## Directions for this task
Copy each line of the entries below that contains the string "upper".

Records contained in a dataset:
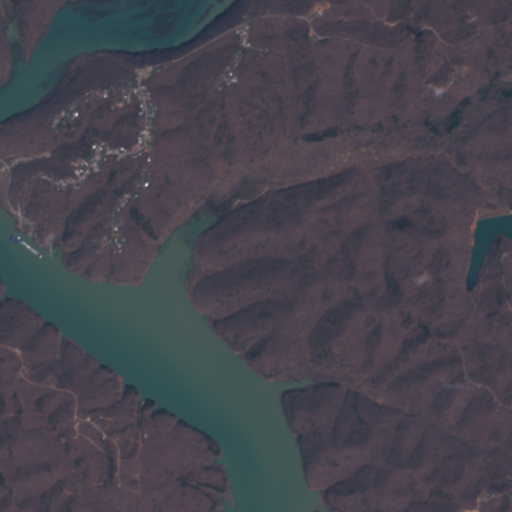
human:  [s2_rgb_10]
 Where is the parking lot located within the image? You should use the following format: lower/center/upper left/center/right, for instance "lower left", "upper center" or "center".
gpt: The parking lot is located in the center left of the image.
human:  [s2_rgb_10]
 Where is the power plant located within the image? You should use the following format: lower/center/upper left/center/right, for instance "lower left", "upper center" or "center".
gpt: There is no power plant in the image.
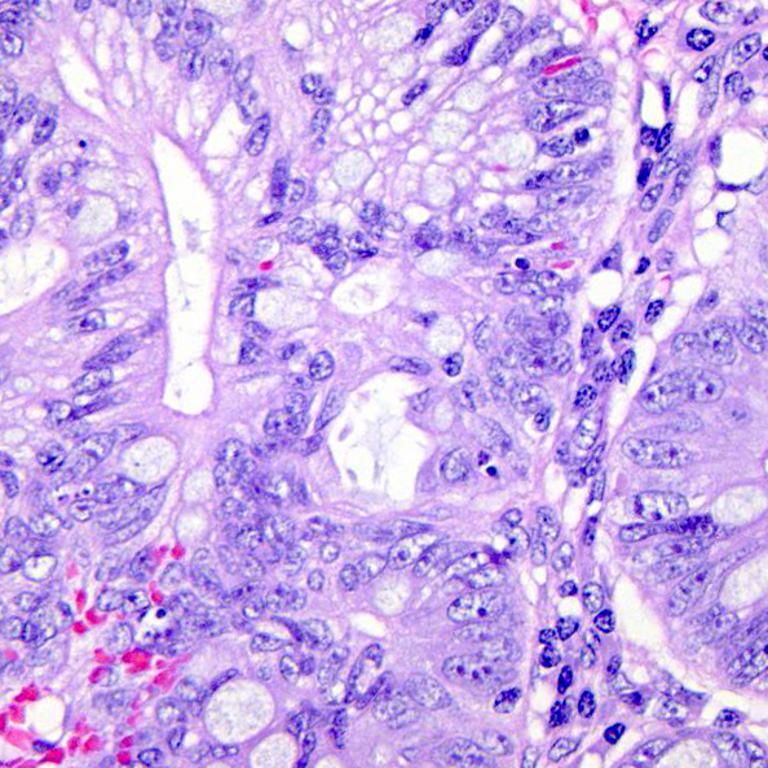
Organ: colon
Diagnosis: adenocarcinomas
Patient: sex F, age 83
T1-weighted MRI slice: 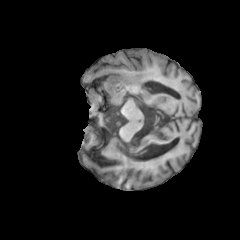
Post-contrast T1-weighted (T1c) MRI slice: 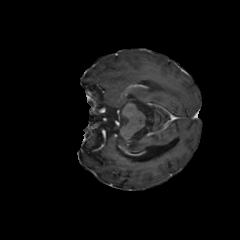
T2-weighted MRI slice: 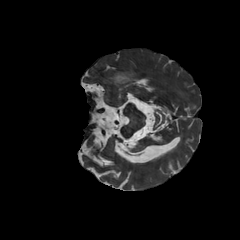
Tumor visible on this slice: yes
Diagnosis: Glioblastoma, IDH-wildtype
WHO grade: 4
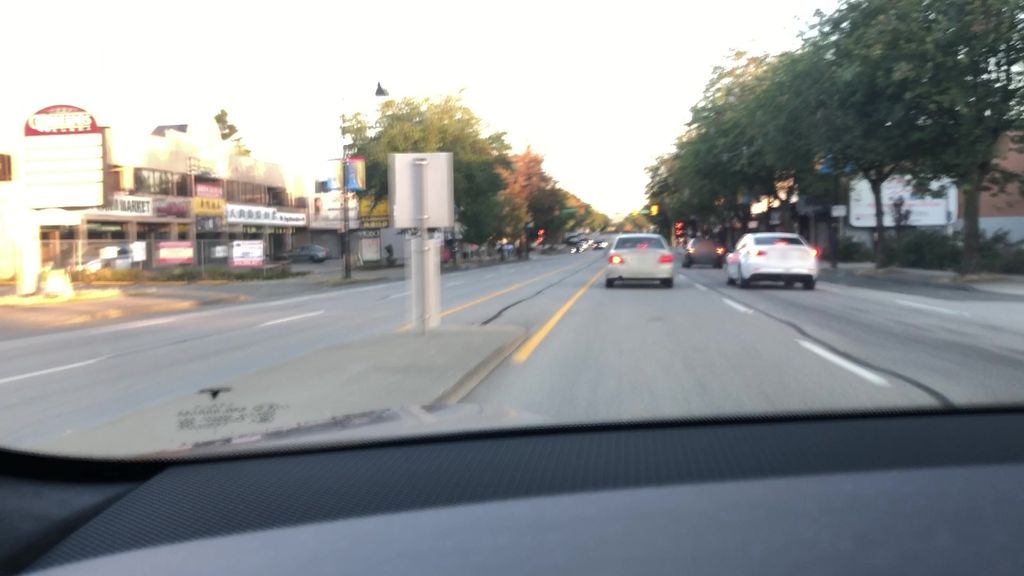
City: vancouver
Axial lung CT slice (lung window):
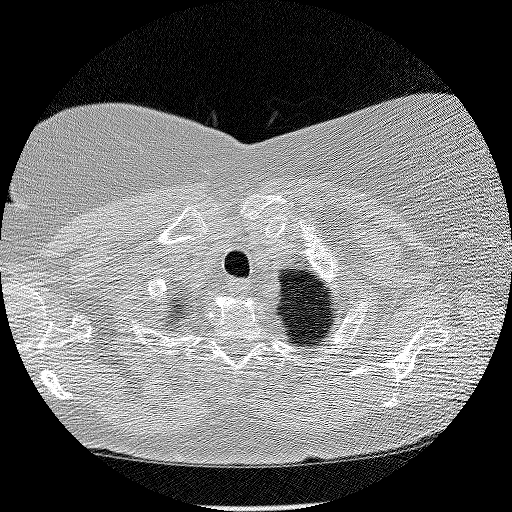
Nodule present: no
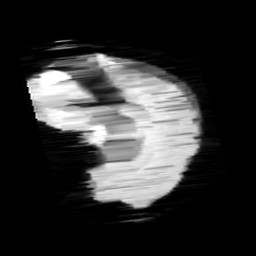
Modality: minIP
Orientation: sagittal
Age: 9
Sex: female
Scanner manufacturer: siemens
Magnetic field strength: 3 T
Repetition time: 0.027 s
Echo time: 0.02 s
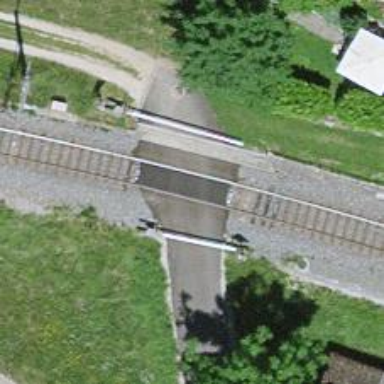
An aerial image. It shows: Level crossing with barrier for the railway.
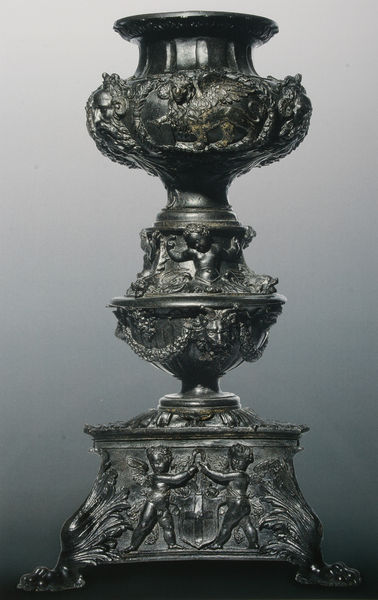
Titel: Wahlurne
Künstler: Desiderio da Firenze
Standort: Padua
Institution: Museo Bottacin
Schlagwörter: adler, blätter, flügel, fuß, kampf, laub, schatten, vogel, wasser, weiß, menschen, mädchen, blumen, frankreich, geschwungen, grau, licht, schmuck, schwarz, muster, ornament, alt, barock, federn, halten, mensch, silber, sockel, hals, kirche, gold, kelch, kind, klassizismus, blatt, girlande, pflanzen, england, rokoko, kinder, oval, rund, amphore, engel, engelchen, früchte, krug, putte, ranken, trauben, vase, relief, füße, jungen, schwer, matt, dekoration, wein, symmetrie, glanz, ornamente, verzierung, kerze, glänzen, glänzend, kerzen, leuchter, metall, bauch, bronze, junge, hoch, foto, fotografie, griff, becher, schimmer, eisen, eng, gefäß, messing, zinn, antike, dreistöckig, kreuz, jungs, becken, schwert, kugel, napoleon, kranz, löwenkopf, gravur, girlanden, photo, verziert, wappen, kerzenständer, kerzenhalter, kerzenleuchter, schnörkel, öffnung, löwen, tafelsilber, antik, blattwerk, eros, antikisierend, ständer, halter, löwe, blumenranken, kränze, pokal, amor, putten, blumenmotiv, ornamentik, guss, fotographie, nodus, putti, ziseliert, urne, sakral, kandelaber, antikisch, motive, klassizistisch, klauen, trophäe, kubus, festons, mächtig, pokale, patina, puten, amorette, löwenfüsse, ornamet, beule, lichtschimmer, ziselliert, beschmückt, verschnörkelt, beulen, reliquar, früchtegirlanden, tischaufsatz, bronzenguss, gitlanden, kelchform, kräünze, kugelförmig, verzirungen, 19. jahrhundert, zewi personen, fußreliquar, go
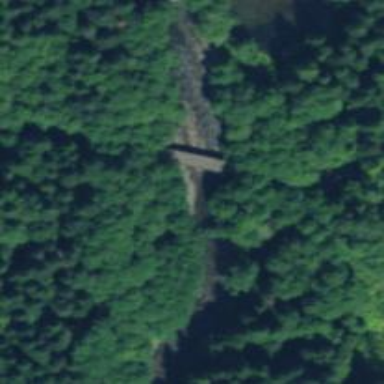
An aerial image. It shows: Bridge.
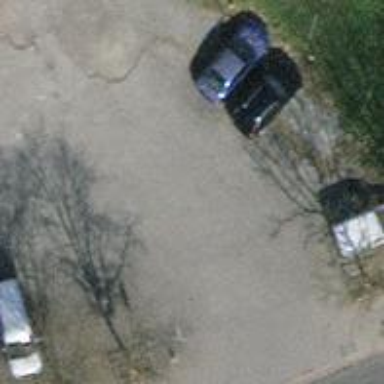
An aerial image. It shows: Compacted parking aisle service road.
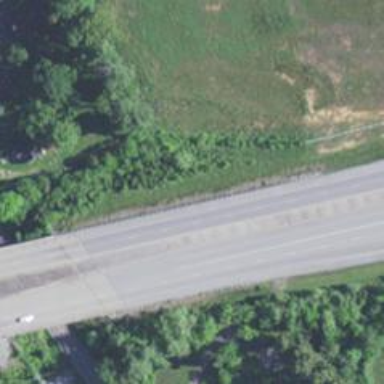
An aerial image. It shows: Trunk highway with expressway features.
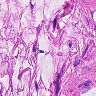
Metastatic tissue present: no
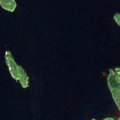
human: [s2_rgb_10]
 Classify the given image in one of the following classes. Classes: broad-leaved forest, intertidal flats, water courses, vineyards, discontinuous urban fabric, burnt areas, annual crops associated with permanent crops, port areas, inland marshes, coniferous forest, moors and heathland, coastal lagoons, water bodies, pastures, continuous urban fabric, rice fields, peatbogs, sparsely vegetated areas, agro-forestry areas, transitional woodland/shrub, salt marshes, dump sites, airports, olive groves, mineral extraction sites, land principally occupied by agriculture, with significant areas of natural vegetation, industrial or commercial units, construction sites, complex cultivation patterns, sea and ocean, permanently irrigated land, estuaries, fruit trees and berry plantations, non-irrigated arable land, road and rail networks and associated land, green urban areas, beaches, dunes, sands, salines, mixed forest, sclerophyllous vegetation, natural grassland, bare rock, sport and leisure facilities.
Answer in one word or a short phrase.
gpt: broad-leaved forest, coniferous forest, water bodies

## Output for this exercise
 Where is the parking lot located within the image? You should use the following format: lower/center/upper left/center/right, for instance "lower left", "upper center" or "center".
 Where is the power plant located within the image? You should use the following format: lower/center/upper left/center/right, for instance "lower left", "upper center" or "center".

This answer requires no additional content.